4.      The competitive intelligence analysis of rivals web sites – by mapping all their web pages and links. The "crawling" of a competitor’s site could uncover links and derive a list of terms and documents to quickly determine competitive intelligence about their activities, intents, focus and strategies 
   
5.      A final and very important application is the clustering of customer profiles for enterprises and marketers via the analysis of all their text communications.
  
The grouping of consumers along the lines of similar interests has been available in a variety of forms for years. For TV, there are channels that only show programming on a certain topic.  ESPN and CNN are prime examples.  Radio stations, focus and play only a specific genre of music. Today, where everything happens online, you have groups, forums, blogs, social networks, and more.  Using text analytics enterprises and marketers are able to create and study clusters of consumer tribes.
    

Tribes enable an enterprise to build customer loyalty – by providing them a place they belong – it leads to strategically narrow and focused channels of communications.  Tribes can promote word-of-mouth marketing, if certain segments of consumers liked a product or service they will share with their friends and associates.

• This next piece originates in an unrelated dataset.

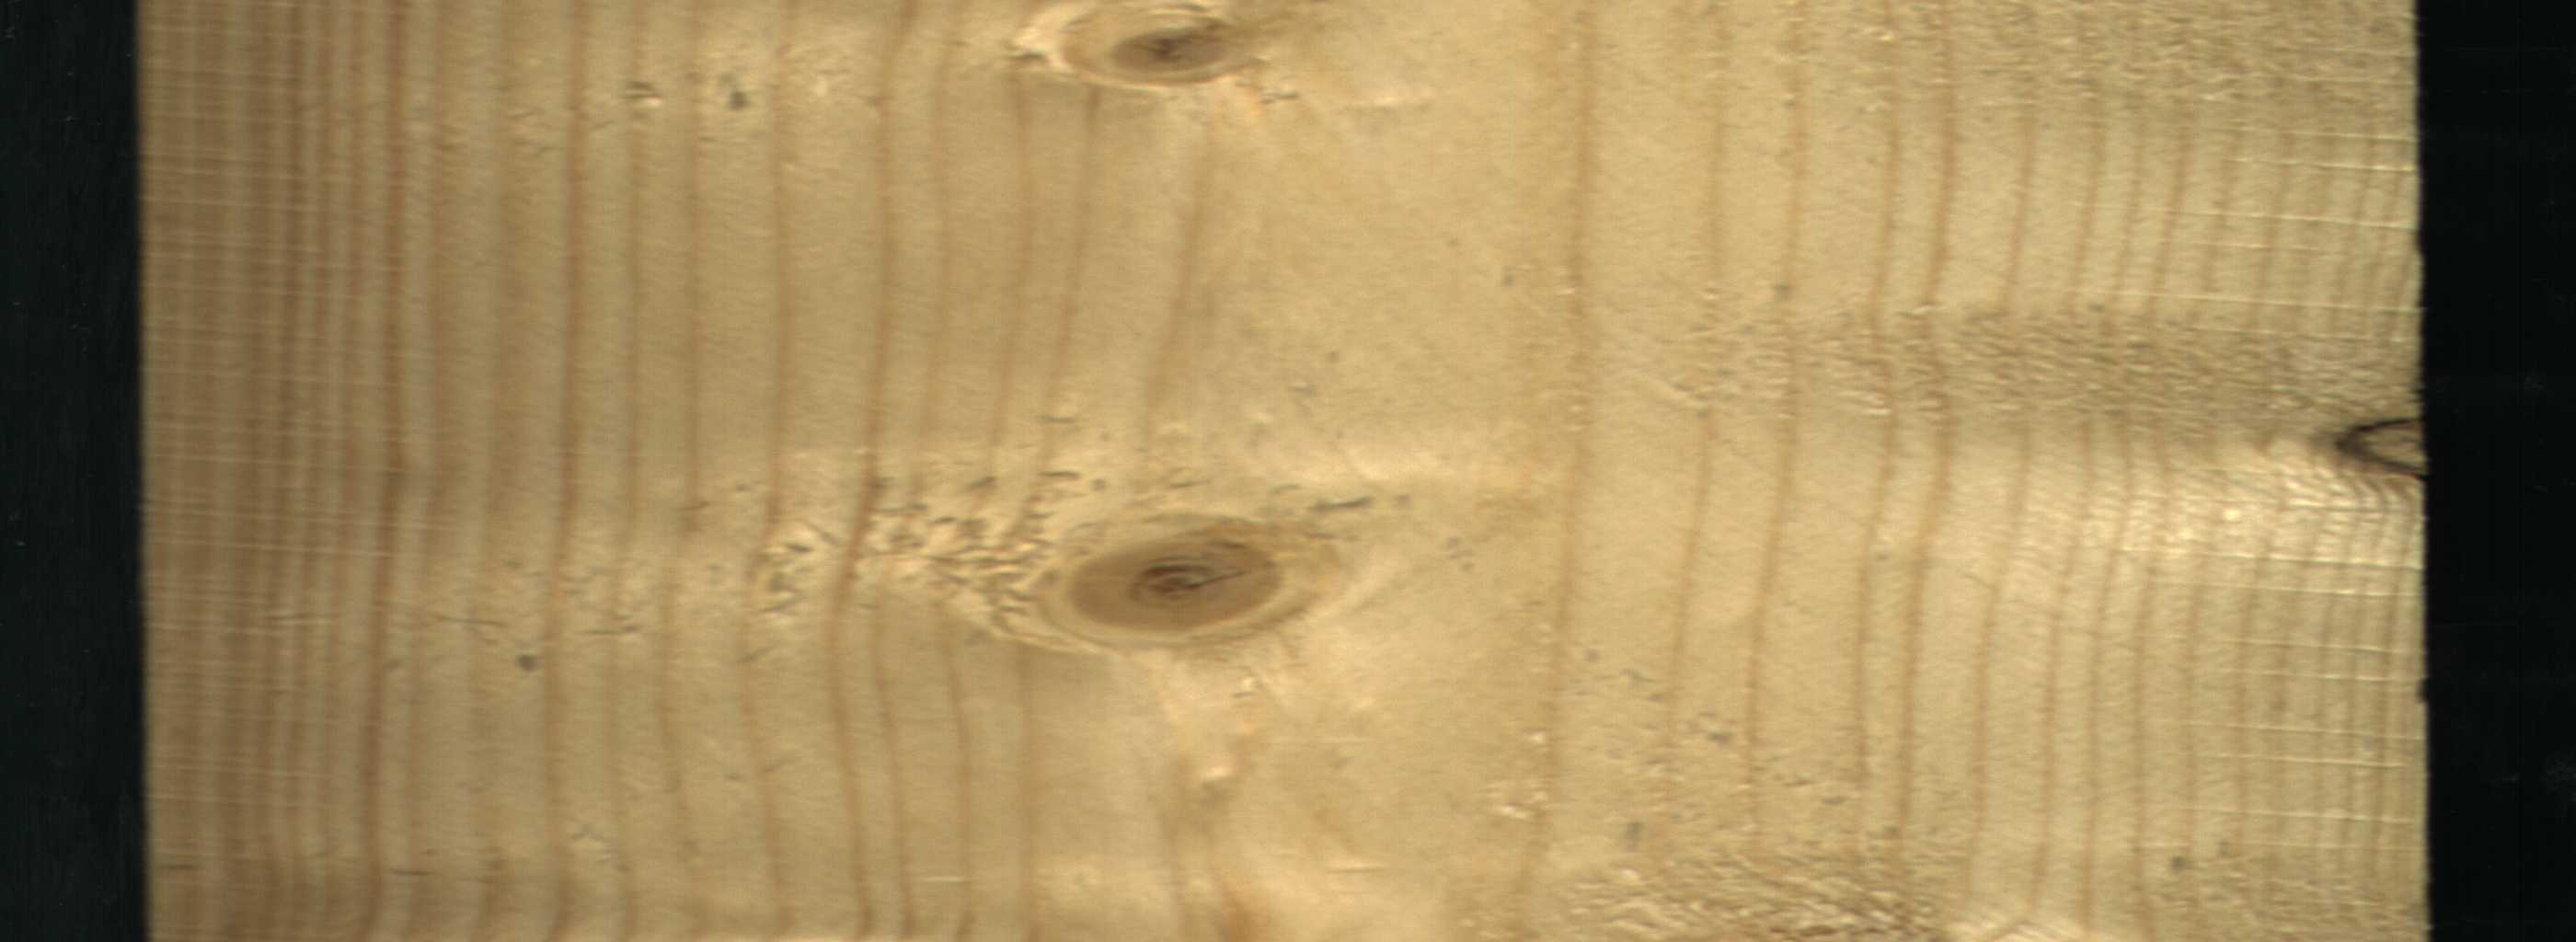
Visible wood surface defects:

Tribes can improve advertising, memberships, cross-selling, related products and additional revenue streams from these segmented consumer groupings.

   
Tribes allow consumers behaviors and communications to define their own clusters by using text and behavioral analytics. Tribes can review products and services which can lead to improvements and revenue growth. Tribes enable the grouping of consumers along products and services lines. Tribes enable enterprises to differentiate themselves from competitors. Tribes of consumers can take over their own ownership.    Finally, enterprises and marketers need to provide the functionality which allows consumers to create their own cluster tribes by analyzing their own words and behaviors.  They need to proactively use and leverage text and behavioral analytics to cluster concepts and consumer tribes.  Tribes cannot consume a product or a service without engaging with them at an intimate level.     
  
Tribes create cultures which absorb, change and improve products and services.  Tribes are held together by shared passions not demographics amongst their networks of colleagues and friends – the binding glue are emotional which are covered in detail in the Engagement Marketing section of this site.  Tribes can become micro marketers by their recommendation, suggestions and communication on social networking sites – which are also covered in detail in the Tell Your Friends section of this site.